I heard a branch snap deep in the woods. I often saw hobos from the nearby Wabash Line wandering in the woods, and my mother told me I needed to avoid them, but I sometimes watched them from behind a clump of bushes. My eyes darted around the area and saw nothing. I glanced at my watch. Time to go. For most kids, these were the carefree days of summer, but I had things to do. From the creek, I walked up the hill, through our backyard, and out to the street.
Mrs. Sloan’s heavy oak door hung wide open while a screen kept the swarms of late summer flies and mosquitoes at bay. I put my face to the mesh in what felt like an invasion of her privacy, causing me to tingle from the top of my head down to my big toes.
“Hello? Mrs. Sloan?” I shouted into the dim interior of the hall.
No answer.
I opened the screen door haltingly and stepped inside. The door creaked shut, sounding painful in the silence of the house. I took a step, and then another. My legs shook. I peered to the right into the living room and left into the dining room. A force had taken control of me and pushed me on, my sneakers barely touching the carpet.
I went as far as the kitchen, passing two empty bedrooms on the way. Her purse sat on the yellow chrome Formica kitchen table, the keys to her Oldsmobile right next to it. Out the kitchen window, I searched for her floppy straw hat in the sunny backyard. She was neither in the garden where she often tended her vegetables nor in the lawn chair where she sometimes sat, large sunglasses on her nose and a cocktail in hand. I took note the lawn needed mowing.
Nylons hung over the bathroom shower curtain rod, hypnotically swaying in the breeze from the open window. Though we called her Mrs. Sloan, I had never heard of a Mr. Sloan. My father once complained about entering the bathroom and finding my mother’s nylons drying in plain sight. I wondered if Mrs. Sloan was sad living alone or happy she had the freedom to do what she wanted.
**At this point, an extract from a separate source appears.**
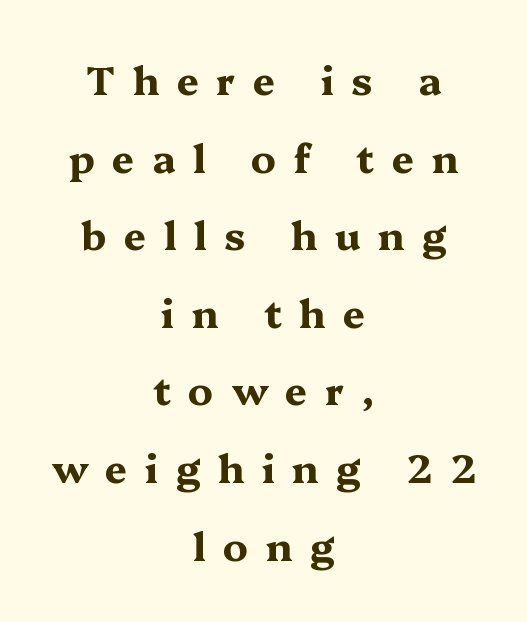
In terms of letterform style, serifs are clearly present. The rendering inserts visible extra space after every character. Look at the stroke-to-counter ratio: heavy, a bold. The leading is generous, giving the passage an open texture. Caption: multi-line text, centered on the measure. Proportional: the letters do not fall into vertical columns.

I should have been scared of her coming home and finding me lurking in her house, but a stronger force blocked the fear, a compelling energy moving my mind and body, making me feel impervious to danger. I continued down the hall to the living room, stopping to gaze at each of three framed needlepoint messages: “There’s nothing to fear but fear itself,” “A cheery smile makes life worthwhile,” and “You belong among the wildflowers.”
I had come to Mrs. Sloan’s door in my rounds, collecting for my paper route. She was a month behind in her payments. And I rationalized my invasion of her home out of concern for her welfare. My mother once said she wouldn’t be surprised to find her passed out drunk on the front lawn one day. My brother in high school sometimes came home from a night of drinking with his buddies and would collapse face down on his bed in our shared room without removing his clothes or shoes. One time, he ended up on the floor. Perhaps Mrs. Sloan had fallen like my brother. Perhaps she had fallen asleep in the bath and was at risk of drowning like I had seen on a television program.
I spent a few more minutes in the house before exiting through the front door into the calm and quiet on Oak Street. I continued up the block to do the rest of the collections. That night I drew a floor plan of her home, noting doors and windows. My brother called me a weirdo when the first thing I looked at in the Sunday paper was the page with the floor plan of a new house on the market while he went for the sports section, my father the news, and my mother the book reviews. I also scribbled notes about Mrs. Sloan’s house: the color and shape of her purse, the black-and-white photo of a somber older couple in the living room, the buff-colored nylons, the approximately twelve-inch cross hanging over her bed, and the needlepoint messages.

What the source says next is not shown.